> **Exercise brief**
Set down the whole listing below exactly, without pictures.

> **Source information**
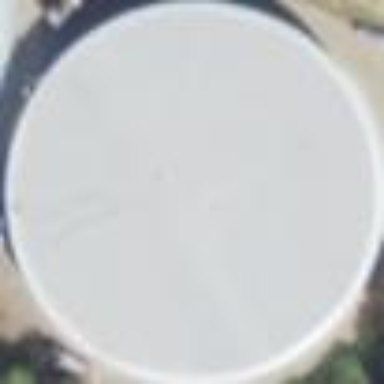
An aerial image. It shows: Building with storage tank.
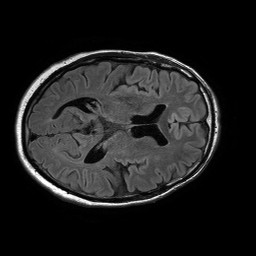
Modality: FLAIR
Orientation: axial
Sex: male
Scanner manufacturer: philips
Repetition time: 11 s
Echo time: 0.125 s
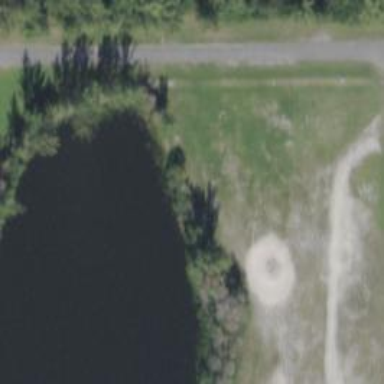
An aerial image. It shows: Disc golf basket.
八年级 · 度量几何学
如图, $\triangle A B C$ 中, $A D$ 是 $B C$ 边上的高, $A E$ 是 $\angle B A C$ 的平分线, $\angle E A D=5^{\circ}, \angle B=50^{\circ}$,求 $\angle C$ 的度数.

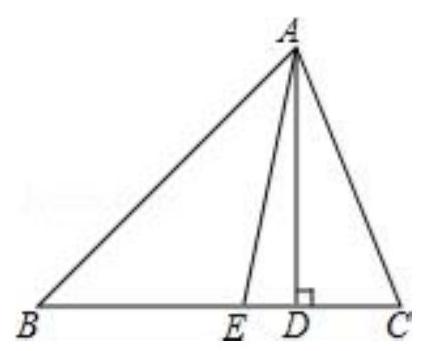
答案: 解: $\because \mathrm{AD}$ 是 $\mathrm{BC}$ 边上的高, $\angle \mathrm{EAD}=5^{\circ}$,

$\therefore \angle \mathrm{AED}=85^{\circ}$,

$\because \angle \mathrm{B}=50^{\circ}$,

$\therefore \angle \mathrm{BAE}=\angle \mathrm{AED}-\angle \mathrm{B}=85^{\circ}-50^{\circ}=35^{\circ}$,

$\because \mathrm{AE}$ 是 $\angle \mathrm{BAC}$ 的角平分线,

$\therefore \angle \mathrm{BAC}=2 \angle \mathrm{BAE}=70^{\circ}$,

$\therefore \angle \mathrm{C}=180^{\circ}-\angle \mathrm{B}-\angle \mathrm{BAC}=180^{\circ}-50^{\circ}-70^{\circ}=60^{\circ}$.
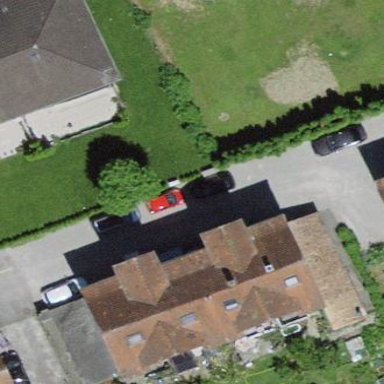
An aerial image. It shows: Terrace building with gabled roof made of roof tiles.
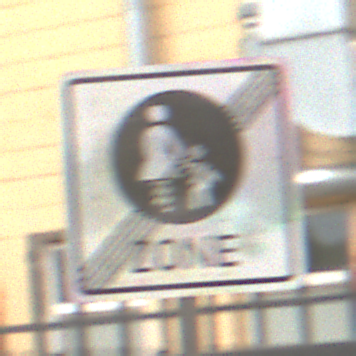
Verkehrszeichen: EndeFussgaengerzone
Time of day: MorningAfternoon
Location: Outdoor (Urban)
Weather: Overcast
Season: NotSpecified
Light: Natural
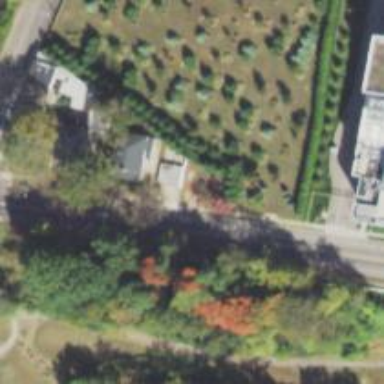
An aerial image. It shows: Row of trees in natural setting.
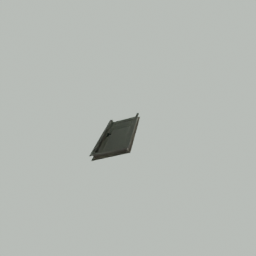
Label: architecture
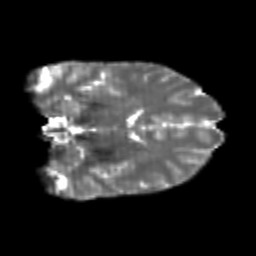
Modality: T2w
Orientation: coronal
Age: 22
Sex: female
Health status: healthy
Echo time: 0.074 s
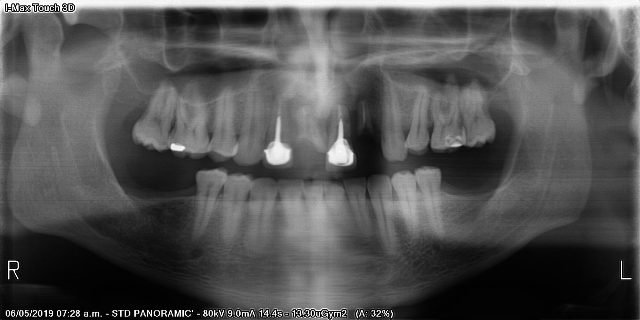
adult
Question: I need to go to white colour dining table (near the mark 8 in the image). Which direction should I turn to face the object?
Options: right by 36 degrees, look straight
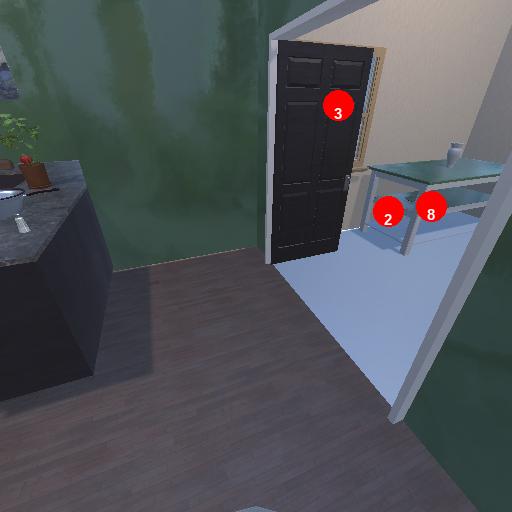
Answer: right by 36 degrees
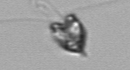
Label: Pyramimonas_longicauda
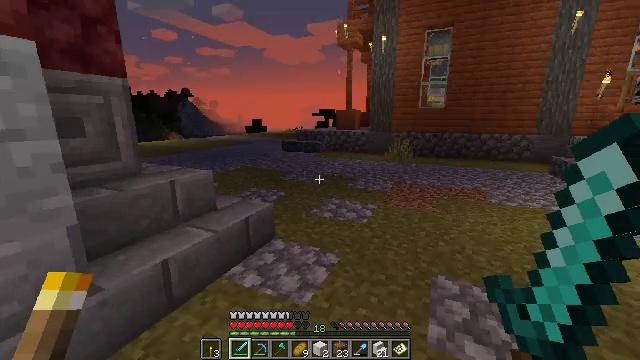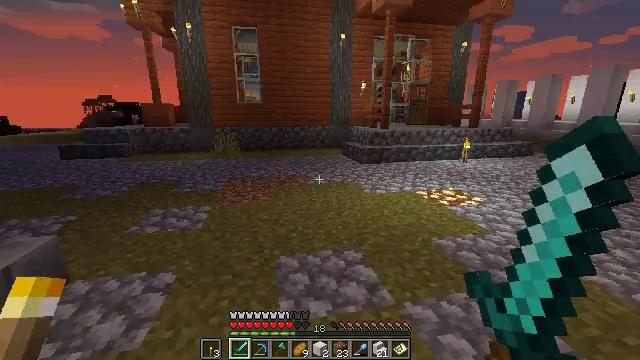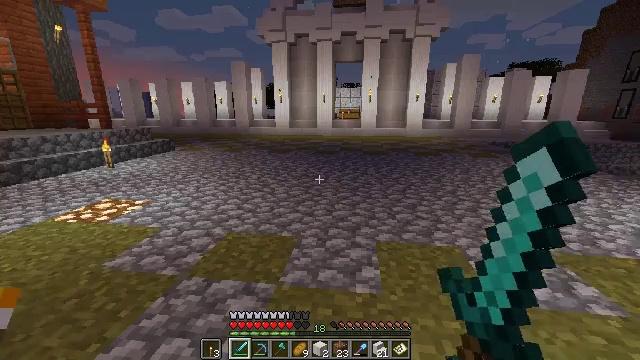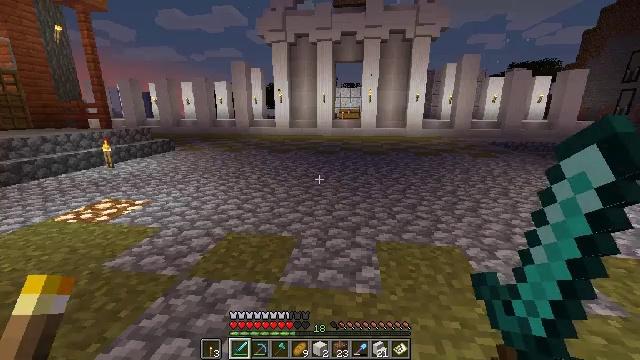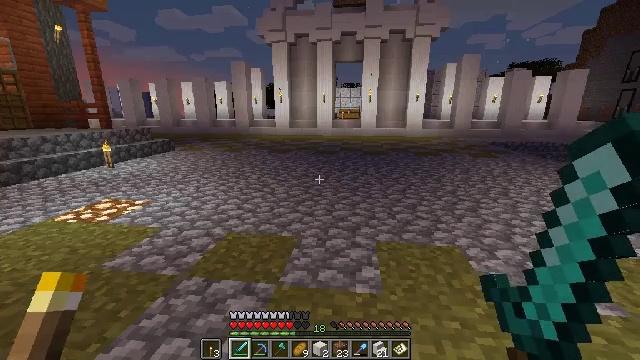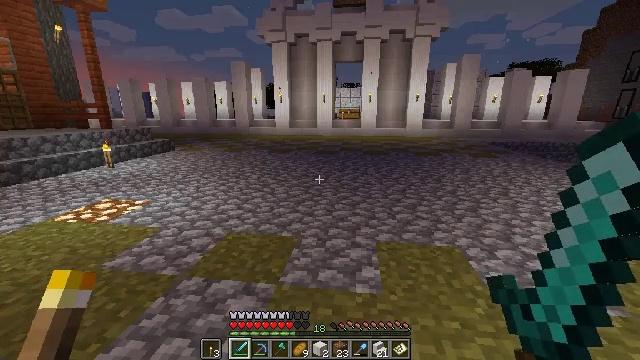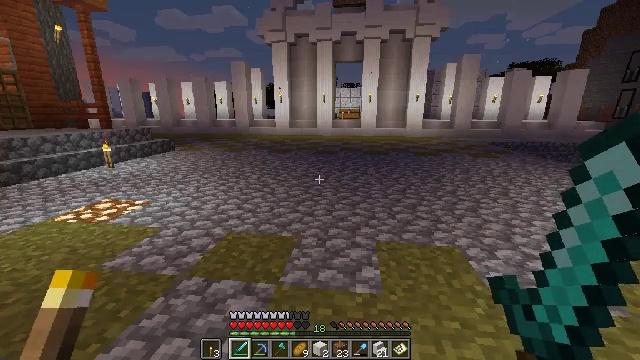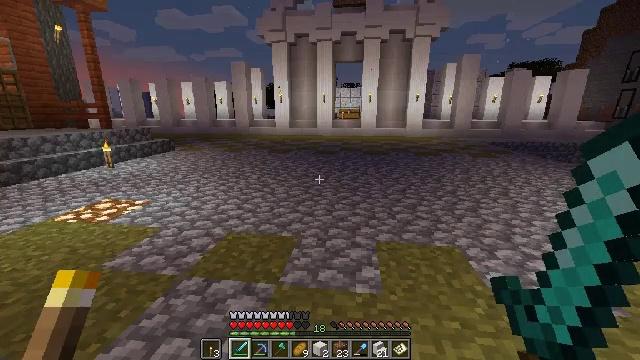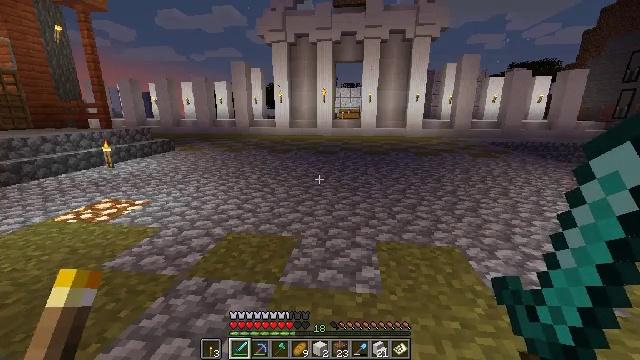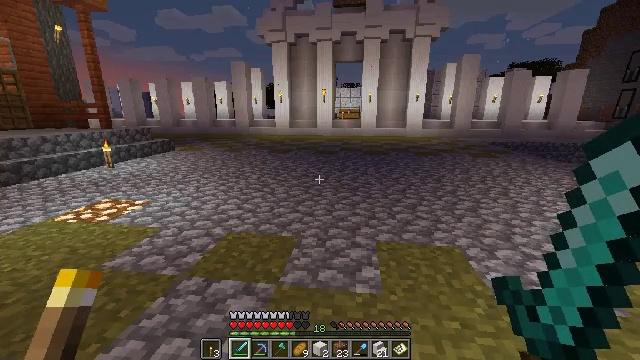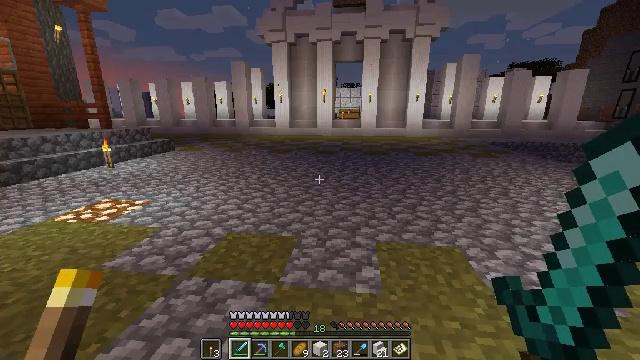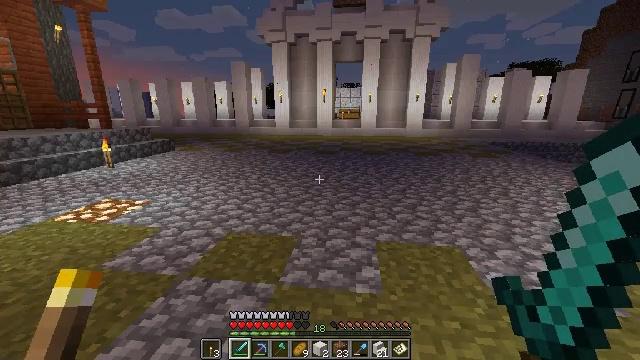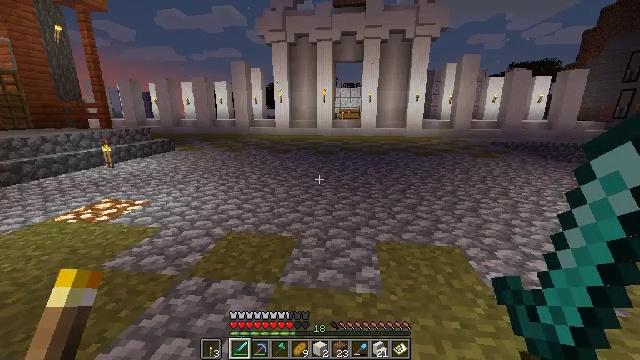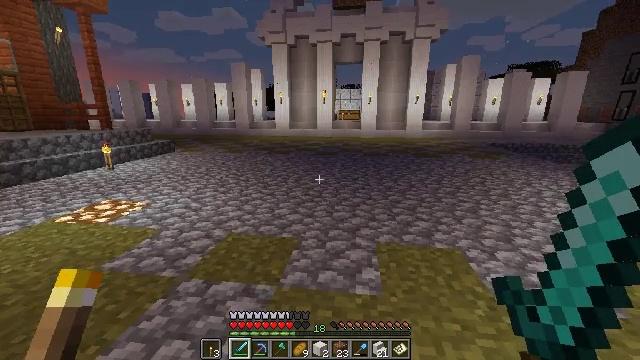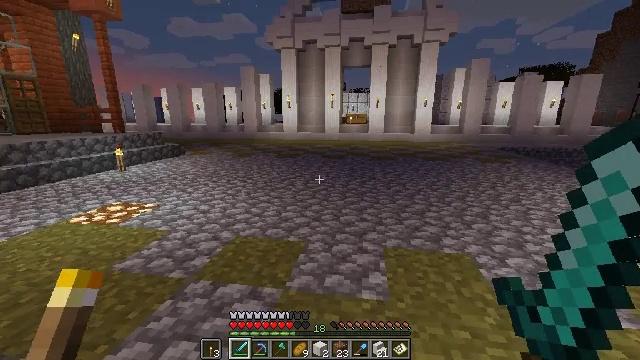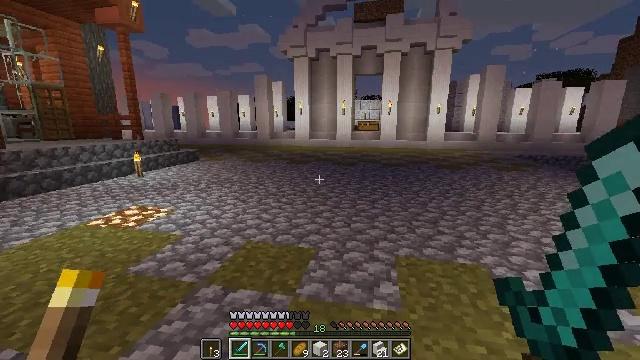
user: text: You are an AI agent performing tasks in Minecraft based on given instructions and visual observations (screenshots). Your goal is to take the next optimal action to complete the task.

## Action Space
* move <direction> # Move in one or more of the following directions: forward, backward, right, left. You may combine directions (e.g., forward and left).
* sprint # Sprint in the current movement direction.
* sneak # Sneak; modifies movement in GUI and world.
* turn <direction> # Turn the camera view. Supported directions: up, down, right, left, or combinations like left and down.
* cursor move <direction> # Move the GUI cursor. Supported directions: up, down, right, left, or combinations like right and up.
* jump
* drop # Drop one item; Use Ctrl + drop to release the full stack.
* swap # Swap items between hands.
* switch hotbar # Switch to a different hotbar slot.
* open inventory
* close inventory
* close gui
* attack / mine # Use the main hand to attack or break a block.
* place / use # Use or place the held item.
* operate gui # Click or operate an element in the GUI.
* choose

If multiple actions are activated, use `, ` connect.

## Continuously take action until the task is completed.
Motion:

> **Solved problem**
An aerial image. It shows: Building with storage tank.
Modality: FLAIR
Orientation: axial
Sex: male
Scanner manufacturer: philips
Repetition time: 11 s
Echo time: 0.125 s
An aerial image. It shows: Disc golf basket.
八年级 · 度量几何学
如图, $\triangle A B C$ 中, $A D$ 是 $B C$ 边上的高, $A E$ 是 $\angle B A C$ 的平分线, $\angle E A D=5^{\circ}, \angle B=50^{\circ}$,求 $\angle C$ 的度数.

答案: 解: $\because \mathrm{AD}$ 是 $\mathrm{BC}$ 边上的高, $\angle \mathrm{EAD}=5^{\circ}$,

$\therefore \angle \mathrm{AED}=85^{\circ}$,

$\because \angle \mathrm{B}=50^{\circ}$,

$\therefore \angle \mathrm{BAE}=\angle \mathrm{AED}-\angle \mathrm{B}=85^{\circ}-50^{\circ}=35^{\circ}$,

$\because \mathrm{AE}$ 是 $\angle \mathrm{BAC}$ 的角平分线,

$\therefore \angle \mathrm{BAC}=2 \angle \mathrm{BAE}=70^{\circ}$,

$\therefore \angle \mathrm{C}=180^{\circ}-\angle \mathrm{B}-\angle \mathrm{BAC}=180^{\circ}-50^{\circ}-70^{\circ}=60^{\circ}$.
An aerial image. It shows: Terrace building with gabled roof made of roof tiles.
Verkehrszeichen: EndeFussgaengerzone
Time of day: MorningAfternoon
Location: Outdoor (Urban)
Weather: Overcast
Season: NotSpecified
Light: Natural
An aerial image. It shows: Row of trees in natural setting.
Label: architecture
Modality: T2w
Orientation: coronal
Age: 22
Sex: female
Health status: healthy
Echo time: 0.074 s
adult
Question: I need to go to white colour dining table (near the mark 8 in the image). Which direction should I turn to face the object?
Options: right by 36 degrees, look straight
Answer: right by 36 degrees
Label: Pyramimonas_longicauda
user: text: You are an AI agent performing tasks in Minecraft based on given instructions and visual observations (screenshots). Your goal is to take the next optimal action to complete the task.

## Action Space
* move <direction> # Move in one or more of the following directions: forward, backward, right, left. You may combine directions (e.g., forward and left).
* sprint # Sprint in the current movement direction.
* sneak # Sneak; modifies movement in GUI and world.
* turn <direction> # Turn the camera view. Supported directions: up, down, right, left, or combinations like left and down.
* cursor move <direction> # Move the GUI cursor. Supported directions: up, down, right, left, or combinations like right and up.
* jump
* drop # Drop one item; Use Ctrl + drop to release the full stack.
* swap # Swap items between hands.
* switch hotbar # Switch to a different hotbar slot.
* open inventory
* close inventory
* close gui
* attack / mine # Use the main hand to attack or break a block.
* place / use # Use or place the held item.
* operate gui # Click or operate an element in the GUI.
* choose

If multiple actions are activated, use `, ` connect.

## Continuously take action until the task is completed.
Motion:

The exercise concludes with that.